Oncolytic Virotherapy Plus PD-1 Inhibitor for Patients With Refractory Malignant Ascites

Status:
Not yet recruiting
Trial end date:
2025-03-20
Target enrollment:
0
Participant gender:
All
Summary
The objective of this study is to evaluate the safety/tolerability efficacy of oncolytic virotherapy combined with Tislelizumab for patients with refractory malignant ascites.
Phase:
Phase 1
Accepts Healthy Volunteers?
No
Details
Lead Sponsor:
Fudan University
Criteria
Inclusion Criteria:

- Written informed consent obtained.

- Age ≥ 18 years at time of study entry.

- Pathologically diagnosed solid tumor malignancy.

- Malignant peritoneal ascites confirmed by peritoneal brush cytology.

- Failures from chemotherapy against malignant ascites.

- Cooperative Oncology Group-Status (ECOG Status) 0 or 1

Exclusion Criteria:

- Previous (<4 weeks) or concurrent treatment with systemic or intraperitoneal
chemotherapy or biological agents such as monoclonal antibodies.

- History of cardiac disease, including clinically significant gastrointestinal bleeding
within 4 weeks prior to start of study treatment

- Thrombotic or embolic events such as cerebrovascular accident (including transient
ischemic attacks), deep vein thrombosis or pulmonary embolism within the 6 months
Prior to the first dose of study drug with the exception of thrombosis of a segmental
portal vein.

- Prior treatment with oncolytic virotherapy.

- Radiotherapy administered less then 4 weeks prior to study treatment start.

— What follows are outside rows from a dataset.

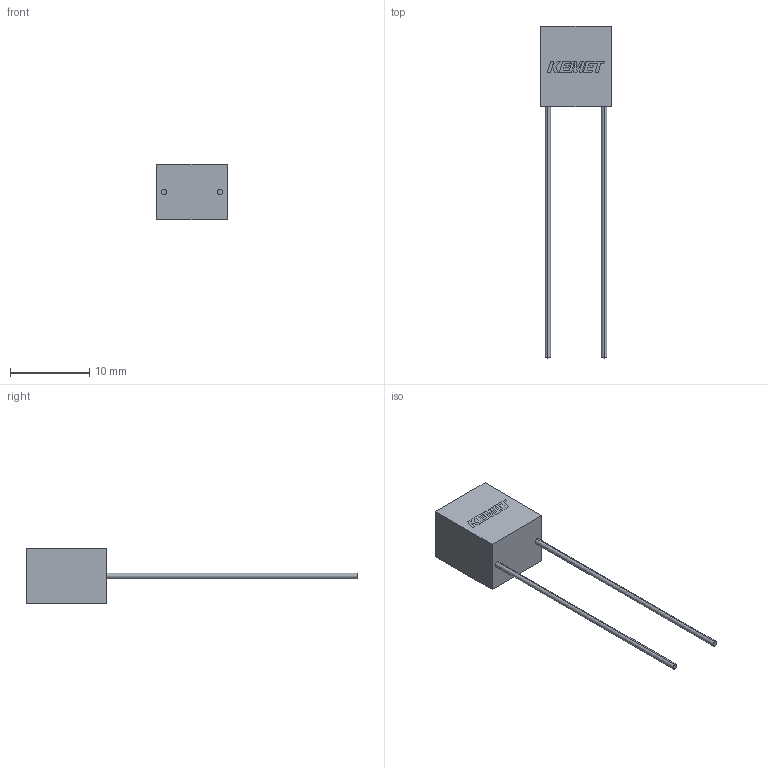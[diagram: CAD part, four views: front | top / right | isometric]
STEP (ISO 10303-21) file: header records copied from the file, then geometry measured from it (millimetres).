
FILE_DESCRIPTION (( 'STEP AP214' ), '1' );
FILE_NAME ('CCR_RMST_40_L8.89H10.16T6.98S7.11LL31.75F0.686.STEP', '2017-06-13T20:50:20', ( '' ), ( '' ), 'SwSTEP 2.0', 'SolidWorks 2014', '' );
FILE_SCHEMA (( 'AUTOMOTIVE_DESIGN' ));
Length unit declared in the file: millimetre
Products named in the file (1): CCR_RMST_40_L8.89H10.16T6.98S7.11LL31.75F0.686
Bounding box: 8.89 x 41.91 x 6.99 mm (x, y, z)
Volume: 653.9 mm3; surface area: 595.5 mm2
Topology: 4 solids, 4 shells, 69 faces, 177 edges, 118 vertices
Faces by surface type: plane 65, cylinder 4
Entity records: 2879 total; most frequent: CARTESIAN_POINT 365, ORIENTED_EDGE 354, DIRECTION 325, EDGE_CURVE 177, VECTOR 169, LINE 169, VERTEX_POINT 118, AXIS2_PLACEMENT_3D 78

- Major surgery within 4 weeks of starting the study treatment OR subjects who have not
recovered from effects of major surgery.

- Patients with second primary cancer, except adequately treated basal skin cancer or
carcinoma in-situ of the cervix.

- Immunocompromised patients, e.g. patients who are known to be serologically positive
for human immunodeficiency virus (HIV).

- Participation in another clinical study with an investigational product during the
last 30 days before inclusion or 7 half-lifes of previously used trial medication,
whichever is longer.

- Any condition or comorbidity that, in the opinion of the investigator, would interfere
with evaluation of study Treatment or interpretation of patient safety or study
results, including but not limited to:

- history of interstitial lung disease

- Hepatitis B Virus (HBV) and Hepatitis C Virus (HCV) coinfection (i.e double infection)

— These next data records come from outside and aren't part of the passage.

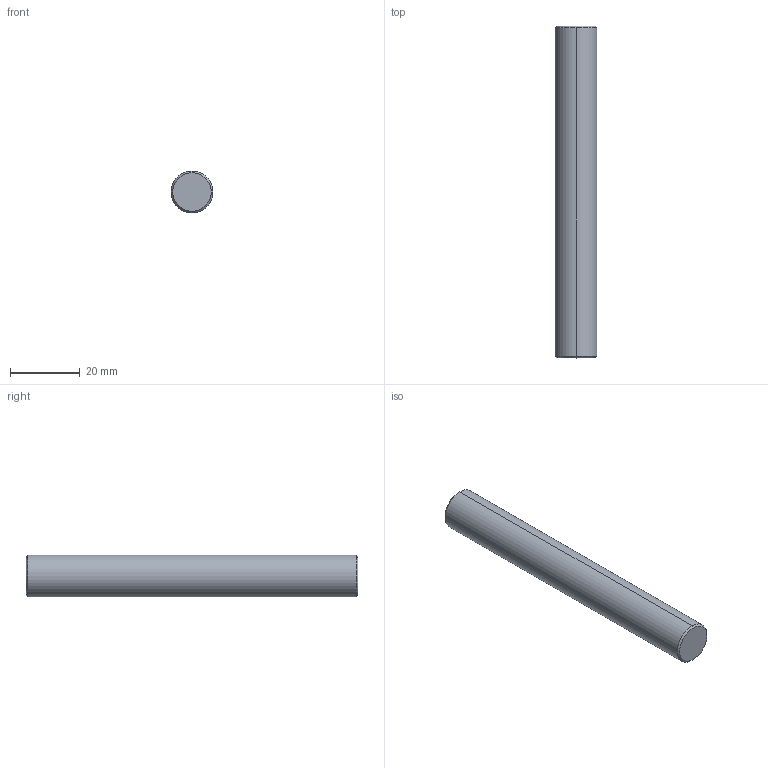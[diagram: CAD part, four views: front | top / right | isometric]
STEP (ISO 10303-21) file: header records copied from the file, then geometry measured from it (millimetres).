
FILE_DESCRIPTION (( 'STEP AP203' ), '1' );
FILE_NAME ('Pinning Station Pinner Rod_Default_sldprt.STEP', '2023-10-19T05:34:59', ( '' ), ( '' ), 'SwSTEP 2.0', 'SolidWorks 2023', '' );
FILE_SCHEMA (( 'CONFIG_CONTROL_DESIGN' ));
Length unit declared in the file: millimetre
Products named in the file (1): Pinning Station Pinner Rod_Default_sldprt
Bounding box: 12 x 95 x 12 mm (x, y, z)
Volume: 10735.1 mm3; surface area: 3784.9 mm2
Topology: 1 solids, 1 shells, 8 faces, 14 edges, 8 vertices
Faces by surface type: cone 4, cylinder 2, plane 2
Entity records: 271 total; most frequent: DIRECTION 40, CARTESIAN_POINT 31, ORIENTED_EDGE 28, AXIS2_PLACEMENT_3D 17, EDGE_CURVE 14, FACE_OUTER_BOUND 8, CIRCLE 8, ADVANCED_FACE 8

- known acute or chronic pancreatitis

- active tuberculosis

- any other active infection (viral, fungal or bacterial) requiring systemic therapy

- history of allogeneic tissue/solid organ transplant

- diagnosis of immunodeficiency or patient is receiving chronic systemic steroid therapy
or any other form of immunosuppressive therapy within 7 days prior to the first dose
of Tislelizumab treatment.

- Has an active autoimmune disease requiring systemic treatment within the past 3 months
or a documented history of clinically severe autoimmune disease, or a syndrome that
requires systemic steroids or immunosuppressive agents. Exceptions: Subjects with
vitiligo, hypothyroidism, diabetes mellitus type I or resolved childhood asthma/atopy
are an exception to this rule. Subjects that require intermittent use of
bronchodilators or local steroid injections would not be excluded from the study.
Subjects with Hashimoto thyroiditis, hypothyroidism stable on hormone replacement or
psoriasis not requiring treatment are not excluded from the study.

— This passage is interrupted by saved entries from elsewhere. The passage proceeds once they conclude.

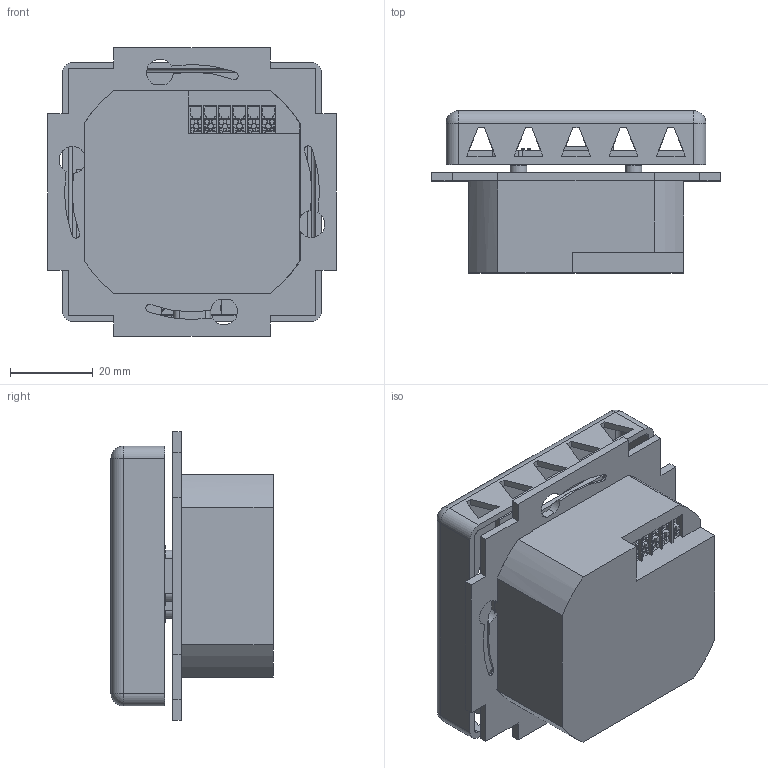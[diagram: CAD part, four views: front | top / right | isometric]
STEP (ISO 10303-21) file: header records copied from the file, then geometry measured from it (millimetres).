
FILE_DESCRIPTION(/* description */ (''),/* implementation_level */ '2;1');
FILE_NAME(/* name */ 'UPgehaeuse v25.step',/* time_stamp */ '2025-03-27T12:15:06+01:00',/* author */ (''),/* organization */ (''),/* preprocessor_version */ 'ST-DEVELOPER v20.1',/* originating_system */ 'Autodesk Translation Framework v14.4.0.0',/* authorisation */ '');
FILE_SCHEMA (('AUTOMOTIVE_DESIGN { 1 0 10303 214 3 1 1 }'));
Products named in the file (31): UPgehaeuse; raumtemp_relay 1; SOT-563; L_0805_2012Metric; TBLH10V-350-06BK; RAC02-3.3SGA; RAC02-GA_bottom_plate; RAC02-GA_PCB; RAC02-GA_pin4(+Vout); RAC02-GA_pin3(-Vout); RAC02-GA_pin1(VAC_in_L); RAC02-GA_pin2(VACin_N); RAC02-GA_case; raumtemp_relay_PCB; D_MiniMELF; magnetConn v1; C_0603_1608Metric; C_1206_3216Metric; SOT-23-3; R_0603_1608Metric; G5RL_1A_E_HR; raumtemp_front 1; C_0805_2012Metric; ESP32-C3_SUPERMINI_SMD; Board c3mini; USB C; components (other)^ESP32-C3 SuperMini; C_1206_3216Metric_1; raumtemp_front_PCB; magnetConn v1_1; R_0603_1608Metric_1
Assembly tree (51 placements, depth 4):
  UPgehaeuse
    raumtemp_relay 1
      R_0603_1608Metric  x8
      C_1206_3216Metric  x7
      SOT-23-3  x2
      SOT-563
      C_0603_1608Metric  x3
      L_0805_2012Metric
      D_MiniMELF  x2
      magnetConn v1  x2
      G5RL_1A_E_HR  x2
      TBLH10V-350-06BK
      RAC02-3.3SGA
        RAC02-GA_bottom_plate
        RAC02-GA_PCB
        RAC02-GA_pin4(+Vout)
        RAC02-GA_pin3(-Vout)
        RAC02-GA_pin1(VAC_in_L)
        RAC02-GA_pin2(VACin_N)
        RAC02-GA_case
      raumtemp_relay_PCB
    raumtemp_front 1
      C_0805_2012Metric
      ESP32-C3_SUPERMINI_SMD
        Board c3mini
        USB C
        components (other)^ESP32-C3 SuperMini
      magnetConn v1_1  x2
      C_1206_3216Metric_1
      R_0603_1608Metric_1  x2
      raumtemp_front_PCB
Bounding box: 70 x 39.3 x 70 mm (x, y, z)
Volume: 48497.2 mm3; surface area: 60174.6 mm2
Topology: 90 solids, 90 shells, 3405 faces, 9178 edges, 6021 vertices
Faces by surface type: plane 2467, cylinder 859, bspline 36, cone 35, torus 4, sphere 4
Full cylindrical faces by diameter (mm): 0.25 x1, 0.426 x2, 0.457 x4, 0.7 x16, 0.8 x14, 1 x22, 1.2 x28, 1.295 x13, 1.3 x6, 1.35 x4, 1.4 x11, 1.5 x4, 1.7 x2, 2.5 x3, 4.1 x2
Entity records: 90936 total; most frequent: CARTESIAN_POINT 16977, ORIENTED_EDGE 15174, DIRECTION 14727, EDGE_CURVE 7587, LINE 5903, VECTOR 5903, VERTEX_POINT 4982, AXIS2_PLACEMENT_3D 4412

- Live vaccine within 30 days prior to the first dose of Tislelizumab treatment or
during study treatment.

- History or clinical evidence of Central Nervous System (CNS) metastases Exceptions
are: Subjects who have completed local therapy and who meet both of the following
criteria: I. are asymptomatic and II. have no requirement for steroids 6 weeks prior
to start of Tislelizumab treatment. Screening with CNS imaging (CT or MRI) is required
only if clinically indicated or if the subject has a history of CNS

- Medication that is known to interfere with any of the agents applied in the trial.

- Any other efficacious cancer treatment except protocol specified treatment at study
start.

- Patient has received any other investigational product within 28 days of study entry.

- Female subjects who are pregnant, breast-feeding or male/female patients of
reproductive potential who are not employing an effective method of birth control
(failure rate of less than 1% per year). [Acceptable methods of contraception are:
implants, injectable contraceptives, combined oral contraceptives, intrauterine
pessars (only hormonal devices), sexual abstinence or vasectomy of the partner]. Women
of childbearing potential must have a negative pregnancy test (serum β-HCG) at
screening.

Patient with any significant history of non-compliance to medical regimens or with
inability to grant reliable informed consent.